In the Netherlands you get up two years paid sick leave, before your employer can fire you. If you are sick enough to not be able to work again, you'll get 75% of your last earned wage from the government.

The tricky situation is when you are considered partially unable to work. You'll get time to find a suitable job, but your benefits drop over time. Finding a job in that situation is sometimes very difficult. It's possible to fall between the cracks.

In any case, the intent is to make sure people do not get unfairly hurt by life events outside their control.
jochem9
·2 bulan yang lalu·discuss
I used to do lots of data engineering in Python, then started doing all kinds of engineering in primarily Go.

The Go ecosystem for data is very limited. There are no widely supported dataframe libraries (like the og pandas and the newer polars written in rust and also available as a crate). Very few data science libs, a few decent gen AI libraries, but not as popular as their Python cousins.

Most of the work I do now is streaming data and very small batches. For that Go is amazing. I don't need dataframes to transform a json, combine it with a bunch of other data and write to a database. I just need to write that logic and make it go fast. Very easy in Go.
jochem9
·2 bulan yang lalu·discuss
If you're at a stage where code doesn't compile and doesn't do what you want, then that's really easy to improve.

- let the llm (agent) compile the code and iterate until it does.

- state your intent more clearly.
jochem9
·2 bulan yang lalu·discuss
This implies that the government respects the rules or at the very least pretends to do so. To me it's pretty clear that the US federal government has moved beyond that.
jochem9
·2 bulan yang lalu·discuss
One does not rule out the other. In the end it's nerds messing with hardware.

Lots of computer culture is rooted in anarchism, anti-capitalism and a fight for fairness. E.g. early internet culture, the open source community.

Imo it's very nice to see explicit anti-capitalist movements within tech, because the other side of tech is so completely over the top capitalist.
jochem9
·2 bulan yang lalu·discuss
To me these all sound pretty plausible?

You have browser extensions that allow AI to control it. There are apps that create a virtual microphone for text to speech. All pretty easy to get going if you allow an AI to control a computer.

Generating designs is also easy. Just use nano banana or something similar.

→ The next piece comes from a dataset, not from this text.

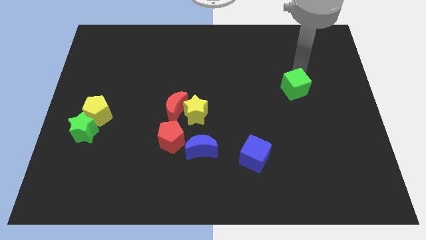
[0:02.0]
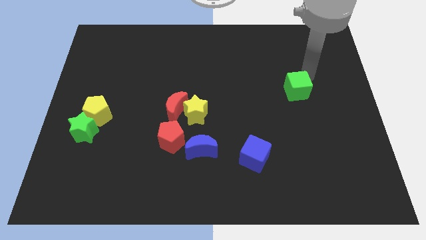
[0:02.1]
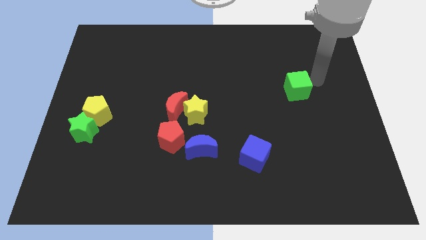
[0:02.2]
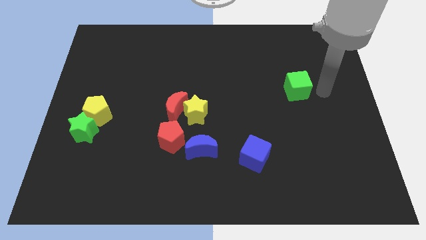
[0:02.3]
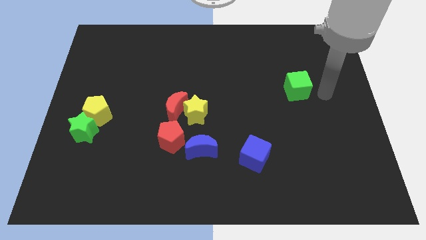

I'm more curious about the quality of the output. I've seen some ugly stuff. The article also includes one example (the outdoor seating design).

I'm also curious about the reaction of people to AI running the shop. Do some people decide not to deal with it? Do some people abuse it? In the article there seem to be only positive examples of human-AI interactions.
jochem9
·2 bulan yang lalu·discuss
Says a lot about the state of society when parenting is outsourced to technology, so that the parents can be further enslaved (because almost no one chooses to work two jobs).